[nfbmi-talk] goes to blind employees and employers as well

joe harcz Comcast joeharcz at comcast.net
Tue Sep 6 17:07:13 UTC 2011


The following article is forwarded to you by the DBTAC-Great Lakes ADA Center (
www.adagreatlakes.org)
for your information:

Business Management Daily

September 5, 2011

Check your leave policies! EEOC looks at return-to-work issues

by Mark S. Mathison, Esq., Gray Plant Mooty, Minneapolis

Now is the time to review your return-to-work policies and practices for employees on leave. They need to be integrated without regard to the reason that
prompted leave. Otherwise, you may find yourself focusing too narrowly on the FMLA, workers’ compensation statutes or disability discrimination laws without
considering the interplay between all of them.

Treating workers differently depending on the reason for their absence opens the possibility of a disability discrimination claim. It’s sure to attract
the attention of the EEOC, which has been aggressively pursuing such cases.

Consider an employer that allows job-injured workers to return to light-duty positions but doesn’t offer that option to disabled workers or those injured
off the job. To successfully defend such a policy in a dispute, the employer would have to establish a legitimate business reason for it. For example,
it might be able to show that high workers’ comp costs justified light-duty work for those injured on the job, but not for others.

Light duty vs. reasonable accommodations

Don’t confuse light duty with reasonable accommodations.

Often, “light duty” simply means a less physically demanding job than the one an employee held before a leave began. Light duty might be one reasonable
accommodation for a disabled worker.

But reasonable accommodations can take many forms, including returning an employee to her original job with assistance from a co-worker or adaptive technology
that helps the employee perform essential job functions. Reasonable accommodations might also mean modifying a policy, perhaps temporarily, if it would
enable an employee to return to work.

A fundamental requirement of disability discrimination laws is that an employer must engage in an “interactive process of accommodation” with the employee.
That means having a meaningful dialogue with the employee about the possibilities for accommodations that might allow a return to work, and whether any
of those possibilities is reasonable under the particular circumstances.

Enter the EEOC

One accommodation that employers often fail to consider is extending leave past the limits normally available under the FMLA or other leave policies. Another
possible accommodation: allowing workers to return temporarily to positions different from their original jobs.

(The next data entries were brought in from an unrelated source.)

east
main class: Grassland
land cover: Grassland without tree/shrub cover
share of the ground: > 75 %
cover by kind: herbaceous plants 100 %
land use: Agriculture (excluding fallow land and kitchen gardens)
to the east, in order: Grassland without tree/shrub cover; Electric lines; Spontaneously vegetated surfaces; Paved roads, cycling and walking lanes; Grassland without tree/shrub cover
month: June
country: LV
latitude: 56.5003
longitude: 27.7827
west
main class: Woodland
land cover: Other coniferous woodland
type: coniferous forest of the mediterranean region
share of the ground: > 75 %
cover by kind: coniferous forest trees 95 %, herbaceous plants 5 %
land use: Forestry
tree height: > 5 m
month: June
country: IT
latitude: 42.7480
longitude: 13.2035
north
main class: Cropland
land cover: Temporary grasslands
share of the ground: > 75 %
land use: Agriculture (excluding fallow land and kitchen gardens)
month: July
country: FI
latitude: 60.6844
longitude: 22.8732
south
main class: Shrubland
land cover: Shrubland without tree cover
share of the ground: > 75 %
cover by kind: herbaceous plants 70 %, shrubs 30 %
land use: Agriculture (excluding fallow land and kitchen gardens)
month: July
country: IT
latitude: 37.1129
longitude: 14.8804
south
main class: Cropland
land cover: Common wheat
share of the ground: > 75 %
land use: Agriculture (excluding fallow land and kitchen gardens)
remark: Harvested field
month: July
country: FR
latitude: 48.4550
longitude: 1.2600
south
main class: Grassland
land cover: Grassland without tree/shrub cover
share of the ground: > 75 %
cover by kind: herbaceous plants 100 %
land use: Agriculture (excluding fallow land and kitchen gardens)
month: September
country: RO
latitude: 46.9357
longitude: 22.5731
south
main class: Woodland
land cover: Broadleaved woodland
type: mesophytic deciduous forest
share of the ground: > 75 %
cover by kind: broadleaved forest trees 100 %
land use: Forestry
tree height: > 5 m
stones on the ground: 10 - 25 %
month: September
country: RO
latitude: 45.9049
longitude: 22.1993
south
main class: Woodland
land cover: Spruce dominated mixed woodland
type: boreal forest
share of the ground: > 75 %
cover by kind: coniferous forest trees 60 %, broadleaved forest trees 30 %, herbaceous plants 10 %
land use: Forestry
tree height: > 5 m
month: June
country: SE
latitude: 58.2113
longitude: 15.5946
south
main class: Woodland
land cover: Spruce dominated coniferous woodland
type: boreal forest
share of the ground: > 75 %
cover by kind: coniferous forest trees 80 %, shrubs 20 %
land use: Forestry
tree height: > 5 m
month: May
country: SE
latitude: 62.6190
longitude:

Failing to consider offering a qualifying employee extended leave or a temporary position has landed a number of employers in trouble with the EEOC.

In EEOC v. Sears, Roebuck & Co., a court approved a $6.2 million set­tle­ment involving Sears’ automatic ter­mi­nation of employees whose leave expired
under the company’s policy on workers’ compensation absences. The EEOC alleged Sears violated the ADA duty of accommodation by refusing to consider allowing
employees to return in a different capacity or granting a brief extension of leave.

In a similar case, the EEOC sued UPS, requesting class-action status and alleging that UPS’ denial of additional leave after the policy maxi­mum had been
reached was a failure-to-accommodate violation of the ADA.

In EEOC v. Supervalu, Inc., the EEOC alleged the employer violated the ADA by prohibiting employees from returning from disability leave unless they could
return to “full service” employment without any medical restrictions. The lawsuit also alleged that Supervalu unlawfully prohibits employees not injured
on the job from participating in the company’s 90-day light-duty program.

And in EEOC v. Princeton Health­Care System, the EEOC alleged ADA violations because the employer alleg­edly terminates employees who have no FMLA eligibility
if they cannot return to work within seven days, and refuses to grant any leave beyond the 12 weeks required by FMLA.

The suit further alleges that Princeton HealthCare grants no exceptions to these policies for qualified individuals with disabilities who need additional
leave as a reasonable accommodation.

Check your leave policies

These cases demonstrate the increased risk faced by employers with inflexi­­ble leave policies or light-duty pro­grams available only to certain categories
of employees.

Here are two principles to keep in mind to avoid legal difficulties:

List of 2 items
• Your policy may set a maximum leave period, but you must be willing to at least consider accommodating a qualifying employee by extending leave allowing
him or her to return to work in a different or modified position.

• You should generally consider light duty for a qualifying employee with a disability on the same basis as other employees. Any program that limits the
availability of light-duty jobs to a certain class of individuals—such as those who have experienced on-the-job injuries—risks violating the ADA unless
you can establish a legitimate business reason for the difference.